Friday, March 10, 2017

NASA and SpaceX Join Forces for Space Travel and Exploration

Even though NASA and SpaceX are both aiming to reach Mars and do more moon exploration in the coming years, they do not see themselves as competitors in the space travel industry. In fact, it is quite the contrary: NASA relies on SpaceX for cargo and astronaut delivery when its budget has been decreased and SpaceX relies on NASA for its technical experience and expertise. Neither one is likely to succeed in their space-based aspirations without the other. In Samantha Masunaga's L.A. Times article, she discusses some of the ways the relatively new company and the government agency work together to make their goals a reality.

NASA's budget today is approximately half of what it was in the 1960s, at the peak of the Space Race. So, in order to make delivery runs to the International Space Station or perform other space exploration, NASA has been working with SpaceX over the past several years to combine funding and experience. In 2006, SpaceX was chosen to help develop the Falcon 9 rocket and Dragon space capsule. About half the funding came from NASA and the other half from SpaceX, but it was the connection to NASA and the ability to work with experienced aerospace experts that helped SpaceX to grow so quickly.

In getting contracts with NASA to deliver equipment and people to the ISS, SpaceX gained massive credibility that would have taken much longer to develop any other way. NASA was able to get a private company's help in filling in their shrinking budget, especially as the space program was closed down, and SpaceX was able to build on their knowledge and become well-known in the industry as the main company in the private sector with such a close association with NASA. Today, SpaceX and Boeing are the two main contractors for shuttling astronauts to and from the ISS. Even if SpaceX is investing some of its own money in such missions, it makes sense, because the company gains popularity through being in the public eye.

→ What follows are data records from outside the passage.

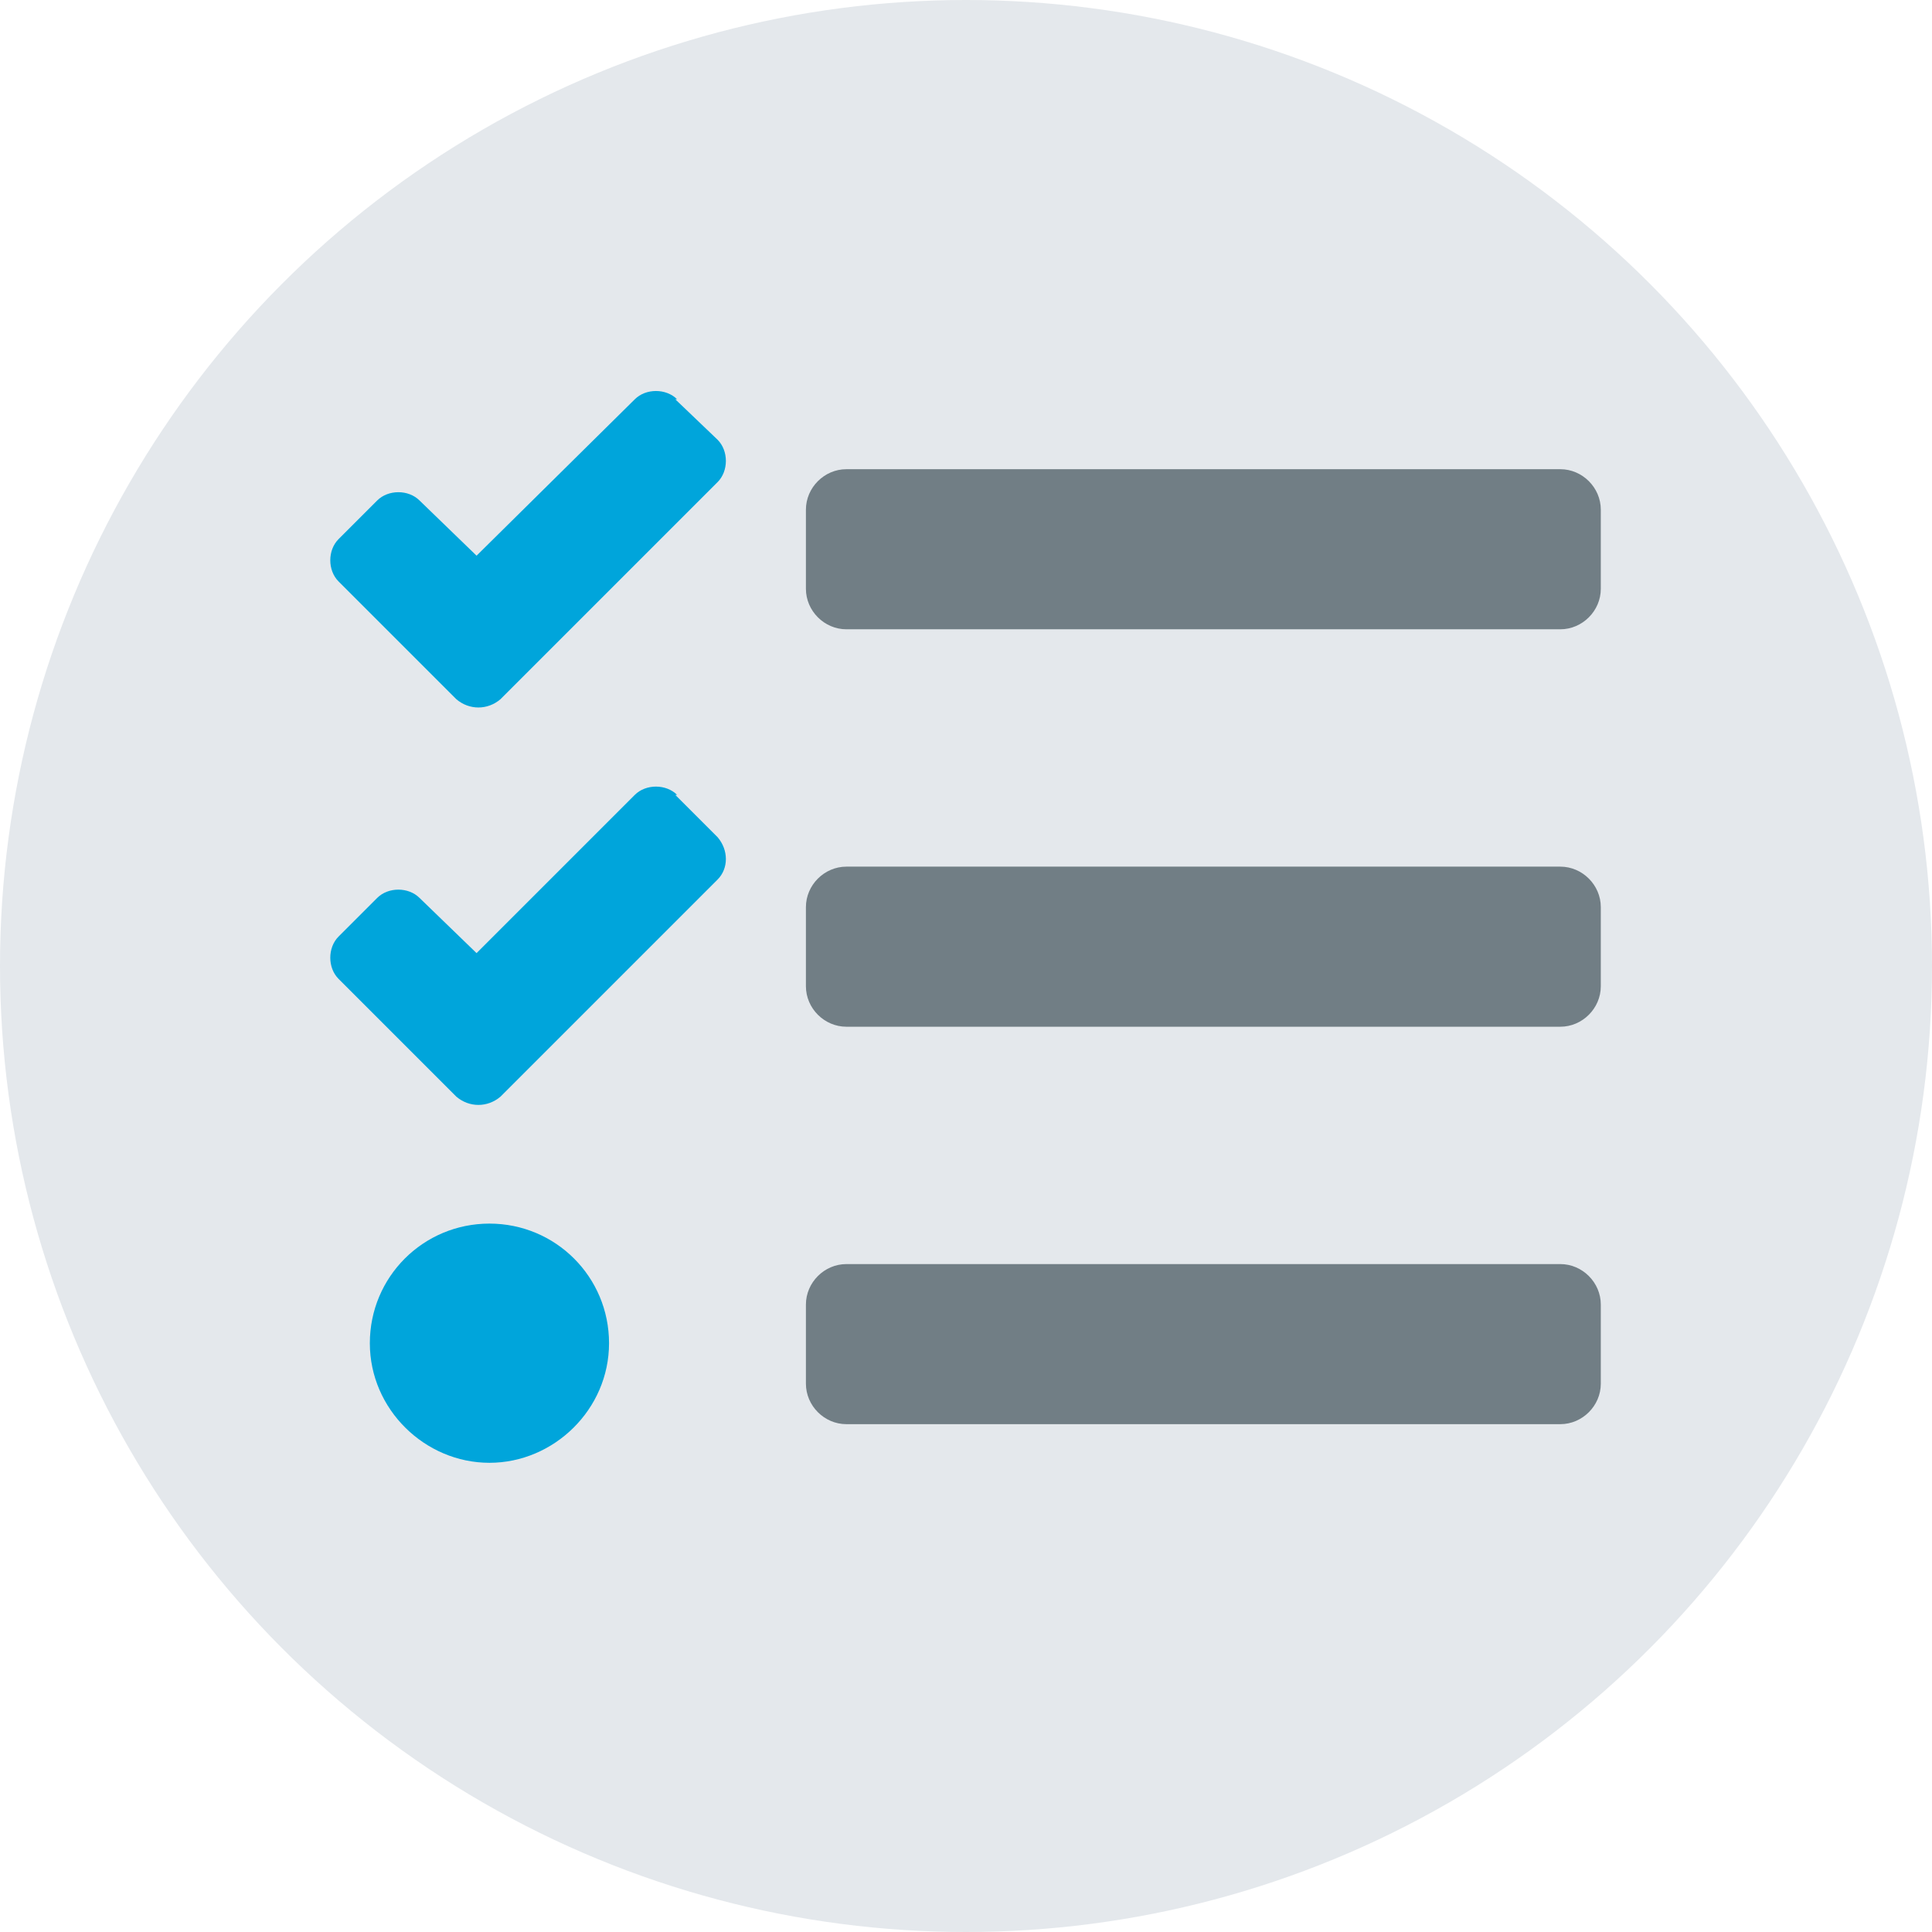 <?xml version="1.0" encoding="UTF-8"?>
<svg id="uuid-47806699-0f4a-408d-8581-b3d291aa2ae9" xmlns="http://www.w3.org/2000/svg" version="1.1" viewBox="0 0 105 105">
  <defs>
    <style>
      .cls-1 {
        fill: #717e85;
      }

      .cls-1, .cls-2, .cls-3 {
        stroke-width: 0px;
      }

      .cls-2 {
        fill: #e4e8ec;
      }

      .cls-3 {
        fill: #00a5db;
      }
    </style>
  </defs>
  <circle id="uuid-df91d5a5-4ba3-4d8a-98b4-9239113a43bf" class="cls-2" cx="52.5" cy="52.5" r="52.5"/>
  <path class="cls-1" d="M84.8,68.7h-38.8c-1.2,0-2.2,1-2.2,2.2v4.3c0,1.2,1,2.2,2.2,2.2h38.8c1.2,0,2.2-1,2.2-2.2v-4.3c0-1.2-1-2.2-2.2-2.2ZM84.8,25.5h-38.8c-1.2,0-2.2,1-2.2,2.2v4.3c0,1.2,1,2.2,2.2,2.2h38.8c1.2,0,2.2-1,2.2-2.2v-4.3c0-1.2-1-2.2-2.2-2.2ZM84.8,47.1h-38.8c-1.2,0-2.2,1-2.2,2.2v4.3c0,1.2,1,2.2,2.2,2.2h38.8c1.2,0,2.2-1,2.2-2.2v-4.3c0-1.2-1-2.2-2.2-2.2Z"/>
  <path class="cls-3" d="M36.8,21.7c-.6-.6-1.7-.6-2.3,0h0l-8.6,8.5-3.1-3c-.6-.6-1.7-.6-2.3,0h0l-2.1,2.1c-.6.6-.6,1.7,0,2.3h0l6.4,6.4c.7.6,1.7.6,2.4,0l2.1-2.1,9.7-9.7c.6-.6.6-1.7,0-2.3l-2.3-2.2h0ZM36.8,43.2c-.6-.6-1.7-.6-2.3,0h0l-8.6,8.6-3.1-3c-.6-.6-1.7-.6-2.3,0h0l-2.1,2.1c-.6.6-.6,1.7,0,2.3h0l6.4,6.4c.7.6,1.7.6,2.4,0l2.1-2.1,9.7-9.7c.6-.6.6-1.6,0-2.3l-2.3-2.3h0ZM26.6,66.5c-3.6,0-6.5,2.9-6.5,6.5s3,6.5,6.5,6.5,6.5-2.9,6.5-6.5-2.9-6.5-6.5-6.5Z"/>
</svg>

Other private companies are getting in on the space exploration industry, but none on the same level as SpaceX. Blue Origin is doing research and development on lunar landers to be able to send deliveries to the moon. Virgin Orbit, a split-off from Virgin Galactic, is working on designing and building satellites. NASA, since the closing of the space program, has taken on the role of "development catalyst," encouraging and helping other companies to be able to break into the space exploration industry. It's a good strategy. By combining with other, newer companies with more funding, they will likely be able to one day succeed in some goals like the landing of humans on Mars, a mission that as of now seems improbable at best. With enough research and technological innovation, as well as teamwork between disciplines and companies, it could be a possibility in the years to come.